11/06 Escalations stopped running (again - last occurred 09/19). It
appears to have happened at the same time that the scheduled network
outage occurred at WH, ~06:00. The net result was no pages went out on
3-4 tickets that NGOP cut. It turned out that these tickets were
non-issues. I have opened a new ticket with Remedy Support. 11/07 Remedy
support recommends that we upgrade to patch 1247.
-Continued considerable effort repairing Oxford University VFB
(VARC Front-End) Boards for Far Detector, Soudan Mine, MN. Last week,
our first batch of repaired VFB boards were shipped to Soudan.
Run II Electronics Support:
-CDF: Repaired &/or Tested the following items (Nov. 3-7).

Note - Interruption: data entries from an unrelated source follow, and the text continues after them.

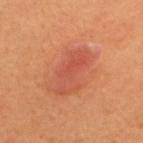Clinical impression:
The lesion was tiled from a total-body skin photograph and was not biopsied.
Context:
The lesion-visualizer software estimated a lesion area of about 13 mm², a shape eccentricity near 0.9, and two-axis asymmetry of about 0.35. It also reported a border-irregularity rating of about 4.5/10 and a within-lesion color-variation index near 5.5/10. Located on the upper back. A close-up tile cropped from a whole-body skin photograph, about 15 mm across. Captured under cross-polarized illumination. A male patient about 65 years old.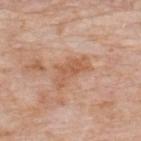{
  "automated_metrics": {
    "area_mm2_approx": 8.5,
    "shape_asymmetry": 0.4,
    "border_irregularity_0_10": 5.0,
    "color_variation_0_10": 3.0,
    "peripheral_color_asymmetry": 1.0,
    "nevus_likeness_0_100": 0,
    "lesion_detection_confidence_0_100": 100
  },
  "site": "upper back",
  "lesion_size": {
    "long_diameter_mm_approx": 4.5
  },
  "patient": {
    "sex": "male",
    "age_approx": 75
  },
  "image": {
    "source": "total-body photography crop",
    "field_of_view_mm": 15
  },
  "lighting": "white-light"
}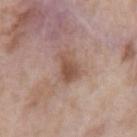Acquisition and patient details: A lesion tile, about 15 mm wide, cut from a 3D total-body photograph. On the left upper arm. A male patient about 60 years old.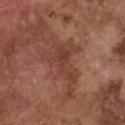notes: no biopsy performed (imaged during a skin exam)
image-analysis metrics: a footprint of about 18 mm²; an average lesion color of about L≈41 a*≈23 b*≈27 (CIELAB) and a lesion–skin lightness drop of about 7; a classifier nevus-likeness of about 0/100 and a detector confidence of about 85 out of 100 that the crop contains a lesion
tile lighting: white-light illumination
acquisition: total-body-photography crop, ~15 mm field of view
anatomic site: the chest
subject: male, about 75 years old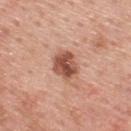Q: Was this lesion biopsied?
A: no biopsy performed (imaged during a skin exam)
Q: Patient demographics?
A: male, in their 60s
Q: What is the imaging modality?
A: ~15 mm crop, total-body skin-cancer survey
Q: What is the lesion's diameter?
A: about 3.5 mm
Q: What lighting was used for the tile?
A: white-light
Q: Lesion location?
A: the upper back
Q: What did automated image analysis measure?
A: an area of roughly 8 mm² and an eccentricity of roughly 0.55; a border-irregularity index near 2/10, a color-variation rating of about 6/10, and peripheral color asymmetry of about 2.5; a classifier nevus-likeness of about 75/100 and a detector confidence of about 100 out of 100 that the crop contains a lesion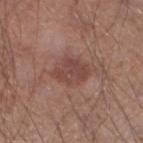Q: Was this lesion biopsied?
A: imaged on a skin check; not biopsied
Q: What kind of image is this?
A: ~15 mm tile from a whole-body skin photo
Q: Where on the body is the lesion?
A: the left lower leg
Q: Patient demographics?
A: male, roughly 55 years of age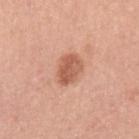Imaged during a routine full-body skin examination; the lesion was not biopsied and no histopathology is available.
Captured under white-light illumination.
Automated tile analysis of the lesion measured a lesion–skin lightness drop of about 12 and a lesion-to-skin contrast of about 7.5 (normalized; higher = more distinct). The analysis additionally found internal color variation of about 4 on a 0–10 scale and radial color variation of about 1.5.
Longest diameter approximately 3.5 mm.
From the left upper arm.
Cropped from a whole-body photographic skin survey; the tile spans about 15 mm.
The patient is a female approximately 35 years of age.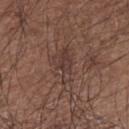Case summary:
– workup · no biopsy performed (imaged during a skin exam)
– subject · male, aged approximately 65
– lighting · white-light
– imaging modality · total-body-photography crop, ~15 mm field of view
– site · the left upper arm
– diameter · ≈4 mm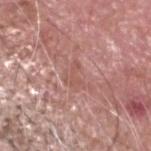biopsy_status: not biopsied; imaged during a skin examination
image:
  source: total-body photography crop
  field_of_view_mm: 15
patient:
  sex: male
  age_approx: 75
site: head or neck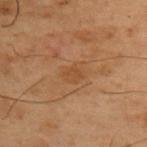<case>
  <biopsy_status>not biopsied; imaged during a skin examination</biopsy_status>
  <site>upper back</site>
  <patient>
    <sex>male</sex>
    <age_approx>55</age_approx>
  </patient>
  <lesion_size>
    <long_diameter_mm_approx>2.5</long_diameter_mm_approx>
  </lesion_size>
  <automated_metrics>
    <eccentricity>0.65</eccentricity>
    <border_irregularity_0_10>2.5</border_irregularity_0_10>
    <peripheral_color_asymmetry>1.0</peripheral_color_asymmetry>
    <nevus_likeness_0_100>0</nevus_likeness_0_100>
    <lesion_detection_confidence_0_100>100</lesion_detection_confidence_0_100>
  </automated_metrics>
  <lighting>cross-polarized</lighting>
  <image>
    <source>total-body photography crop</source>
    <field_of_view_mm>15</field_of_view_mm>
  </image>
</case>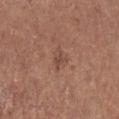The lesion was photographed on a routine skin check and not biopsied; there is no pathology result. Automated tile analysis of the lesion measured a border-irregularity index near 3.5/10, internal color variation of about 1.5 on a 0–10 scale, and radial color variation of about 0.5. About 2.5 mm across. The lesion is on the right lower leg. The tile uses white-light illumination. A 15 mm close-up tile from a total-body photography series done for melanoma screening. A male patient aged 73–77.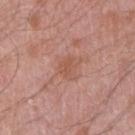This lesion was catalogued during total-body skin photography and was not selected for biopsy. A male patient, roughly 50 years of age. A lesion tile, about 15 mm wide, cut from a 3D total-body photograph. Located on the right upper arm.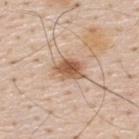Captured during whole-body skin photography for melanoma surveillance; the lesion was not biopsied. The lesion's longest dimension is about 4 mm. The lesion is on the back. The subject is a male aged 58–62. The lesion-visualizer software estimated a lesion area of about 8 mm² and an eccentricity of roughly 0.75. The analysis additionally found a within-lesion color-variation index near 4.5/10 and radial color variation of about 1.5. A 15 mm close-up extracted from a 3D total-body photography capture.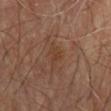Q: Is there a histopathology result?
A: imaged on a skin check; not biopsied
Q: What did automated image analysis measure?
A: a symmetry-axis asymmetry near 0.4; a mean CIELAB color near L≈38 a*≈18 b*≈29 and about 5 CIELAB-L* units darker than the surrounding skin; a border-irregularity rating of about 4.5/10 and a peripheral color-asymmetry measure near 0; a nevus-likeness score of about 0/100 and a detector confidence of about 100 out of 100 that the crop contains a lesion
Q: What are the patient's age and sex?
A: male, aged 68 to 72
Q: What is the imaging modality?
A: total-body-photography crop, ~15 mm field of view
Q: Lesion size?
A: about 3 mm
Q: What is the anatomic site?
A: the mid back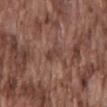Captured during whole-body skin photography for melanoma surveillance; the lesion was not biopsied.
This is a white-light tile.
On the mid back.
Measured at roughly 3 mm in maximum diameter.
A male subject, approximately 75 years of age.
A region of skin cropped from a whole-body photographic capture, roughly 15 mm wide.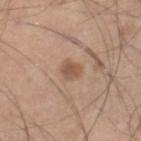Captured during whole-body skin photography for melanoma surveillance; the lesion was not biopsied.
The lesion is on the right lower leg.
A region of skin cropped from a whole-body photographic capture, roughly 15 mm wide.
The lesion's longest dimension is about 2.5 mm.
The patient is a male aged approximately 45.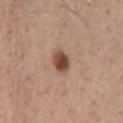follow-up=total-body-photography surveillance lesion; no biopsy
size=about 3 mm
subject=male, roughly 55 years of age
body site=the lower back
image source=total-body-photography crop, ~15 mm field of view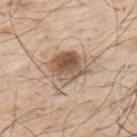Q: Was a biopsy performed?
A: imaged on a skin check; not biopsied
Q: Where on the body is the lesion?
A: the upper back
Q: What are the patient's age and sex?
A: male, about 70 years old
Q: What did automated image analysis measure?
A: a lesion area of about 16 mm² and an outline eccentricity of about 0.75 (0 = round, 1 = elongated); a lesion color around L≈57 a*≈16 b*≈29 in CIELAB, roughly 13 lightness units darker than nearby skin, and a normalized border contrast of about 8.5; a border-irregularity index near 4.5/10, internal color variation of about 8.5 on a 0–10 scale, and a peripheral color-asymmetry measure near 3; an automated nevus-likeness rating near 80 out of 100 and lesion-presence confidence of about 100/100
Q: What is the imaging modality?
A: ~15 mm crop, total-body skin-cancer survey
Q: How large is the lesion?
A: ≈6 mm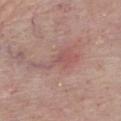Imaged during a routine full-body skin examination; the lesion was not biopsied and no histopathology is available. Longest diameter approximately 6.5 mm. Located on the chest. Captured under white-light illumination. A lesion tile, about 15 mm wide, cut from a 3D total-body photograph. The patient is a male aged 78 to 82.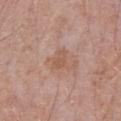Impression:
The lesion was photographed on a routine skin check and not biopsied; there is no pathology result.
Context:
The lesion is located on the chest. The recorded lesion diameter is about 2.5 mm. Automated tile analysis of the lesion measured an area of roughly 4.5 mm², an eccentricity of roughly 0.75, and a shape-asymmetry score of about 0.35 (0 = symmetric). It also reported border irregularity of about 3.5 on a 0–10 scale, a color-variation rating of about 2/10, and radial color variation of about 0.5. A roughly 15 mm field-of-view crop from a total-body skin photograph. The patient is a male approximately 70 years of age.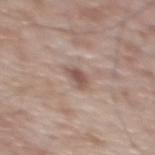Clinical summary:
The recorded lesion diameter is about 2.5 mm. A lesion tile, about 15 mm wide, cut from a 3D total-body photograph. On the back. Automated image analysis of the tile measured a mean CIELAB color near L≈53 a*≈17 b*≈23, roughly 11 lightness units darker than nearby skin, and a normalized lesion–skin contrast near 7.5. The analysis additionally found a border-irregularity rating of about 2.5/10, a color-variation rating of about 1.5/10, and peripheral color asymmetry of about 0.5. The analysis additionally found a nevus-likeness score of about 50/100 and a lesion-detection confidence of about 100/100. The patient is a male aged 68 to 72. Captured under white-light illumination.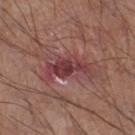The lesion was photographed on a routine skin check and not biopsied; there is no pathology result.
On the left lower leg.
The tile uses white-light illumination.
Approximately 5 mm at its widest.
This image is a 15 mm lesion crop taken from a total-body photograph.
The subject is a male approximately 70 years of age.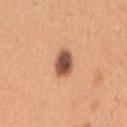Recorded during total-body skin imaging; not selected for excision or biopsy. Measured at roughly 3 mm in maximum diameter. A female patient, aged approximately 30. This is a white-light tile. A lesion tile, about 15 mm wide, cut from a 3D total-body photograph. On the right upper arm.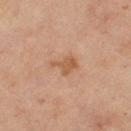Assessment: Imaged during a routine full-body skin examination; the lesion was not biopsied and no histopathology is available. Background: Measured at roughly 3 mm in maximum diameter. From the right thigh. Automated image analysis of the tile measured an average lesion color of about L≈48 a*≈19 b*≈31 (CIELAB), a lesion–skin lightness drop of about 7, and a normalized border contrast of about 6.5. The analysis additionally found a border-irregularity rating of about 4.5/10 and internal color variation of about 1.5 on a 0–10 scale. It also reported a classifier nevus-likeness of about 5/100 and lesion-presence confidence of about 100/100. A close-up tile cropped from a whole-body skin photograph, about 15 mm across. The patient is a female aged approximately 70.

(14) MCH: DT96TDC - TDC 9U boards
-Dzero: Repaired &/or Tested the following items (Nov. 3-7).
(30) BENCHMRK: VMEHV2SP HV Pod
(2) BiRa: VMEHVS2P HV Pod
2 oracle security alerts that need attention. working on scheduling,
1 alert is for databases, 1 is for oracle application server.
cdfonprd halted due to archive log at 100%. a massive data clean up
started running , without alerting dbas, filling the archive logs, also
effecting replication. halted job and will reschedule with dbas.
d0 offline production database was upgraded to 18.104.22.168.
jtrumbo & r.jetton assisted r.st.denis in getting fcdfora4 and fcdfsun1
into a ganglia environment for monitoring. (Show picture.)
* There has been a large number of CDF farm nodes failing. The cause seems
to be 99 percent software. We are working with CDF to help fix the issues.
The problem is starting to generate calls outside of agreed to coverage
periods and weekends. We are going to put in a script
that will automate the detecting of a hung node and reboot it. We
also plan on meeting with cdf and figure out a plan to get this fixed
if we can.
* Started the burnin process of the new 64 nodes for CDF. So far so good.
- DB Group
- Presentation was given by Lee Lueking on DB Statistics for D0/CDF.
- CDF User and farms connection time distributions are very different:
user times are much longer. SVX Beam position is a long querry.
Run list is most popular querry. SiCHipPed longest average duration.
- D0 middle tier server achitecture gives different pattern of usage.
Latency to respond is short. Silicon requests are most popular, one
hundred times more frequent than others.
- SAM info. Farm server is very active.
- SNAP R&D: setup for beam test at Indiana.
- FPGA radiation test setup. Very preliminary test results shown.
After ~50 Krads the chip starts to draw a lot of current, doubling
at 64 Krads.
Planning and Customer Support
- 244 out of 251 performance appraisals completed.
- Projects meeting this wednesday. MINOS and CDF reporting.
- All projects cycled through every 3 Months.
- Lab-Wide party arrangements. Need milestones from departments.
Need pictures that will go up on posters in the atrium.